Segment Start: Data in this exercise

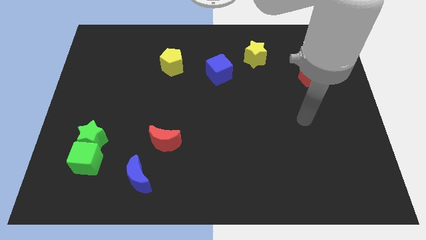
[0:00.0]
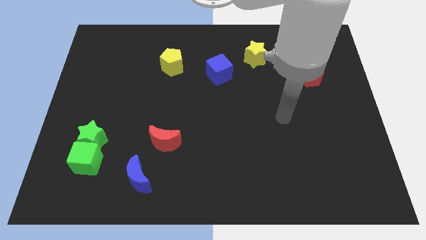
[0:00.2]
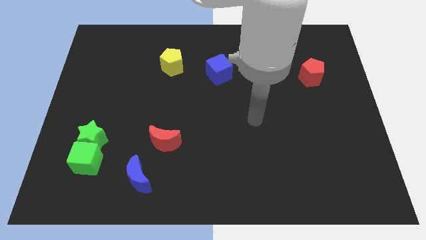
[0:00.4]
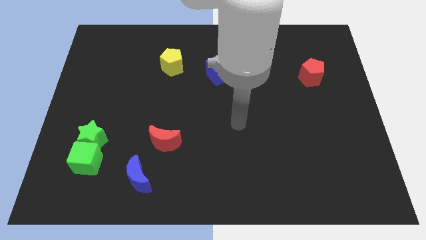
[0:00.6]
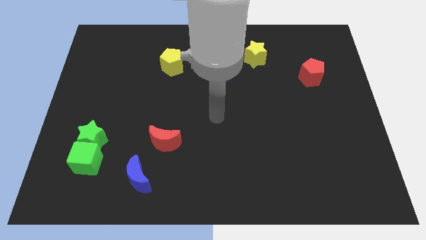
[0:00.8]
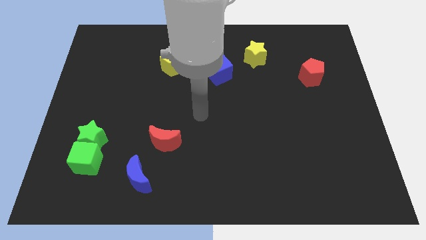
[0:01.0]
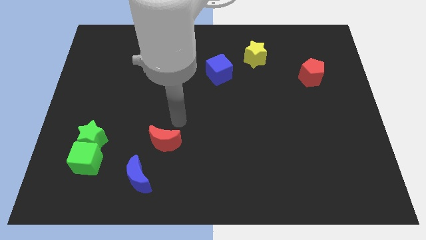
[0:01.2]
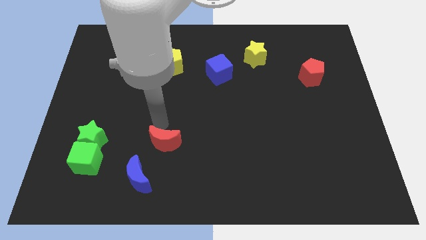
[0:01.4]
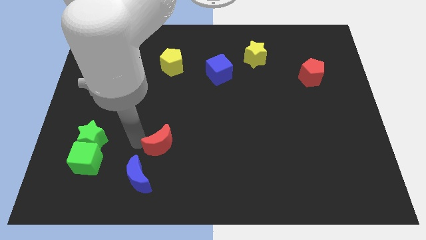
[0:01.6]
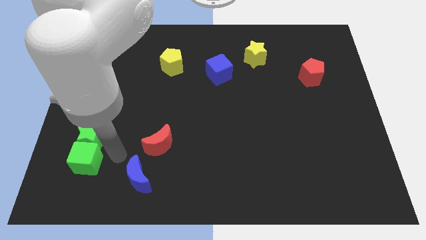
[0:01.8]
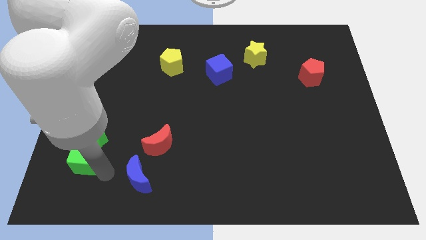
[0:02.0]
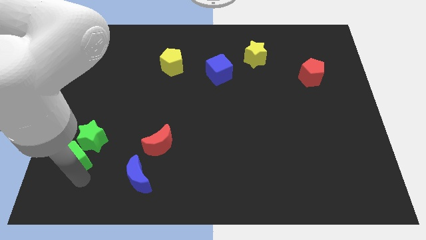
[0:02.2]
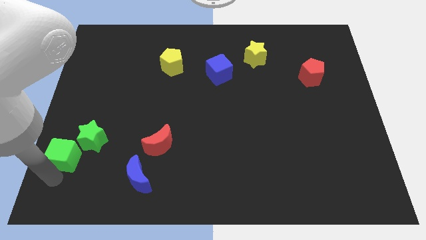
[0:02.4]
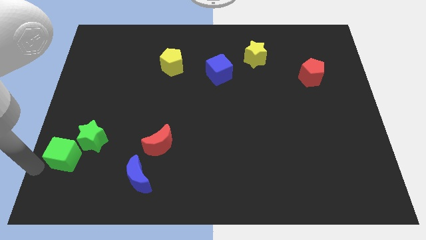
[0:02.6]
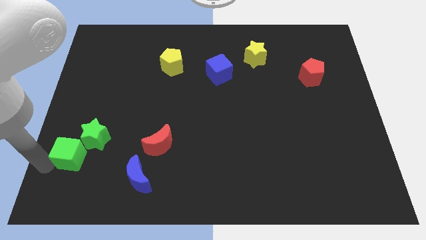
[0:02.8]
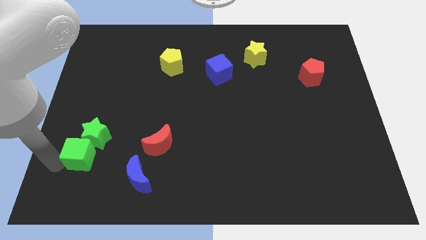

Segment End: Data in this exercise

### Exercise details
Every line above must appear in the answer unchanged, and no picture may appear in it.

### Answer below
[0:00.0]
[0:00.2]
[0:00.4]
[0:00.6]
[0:00.8]
[0:01.0]
[0:01.2]
[0:01.4]
[0:01.6]
[0:01.8]
[0:02.0]
[0:02.2]
[0:02.4]
[0:02.6]
[0:02.8]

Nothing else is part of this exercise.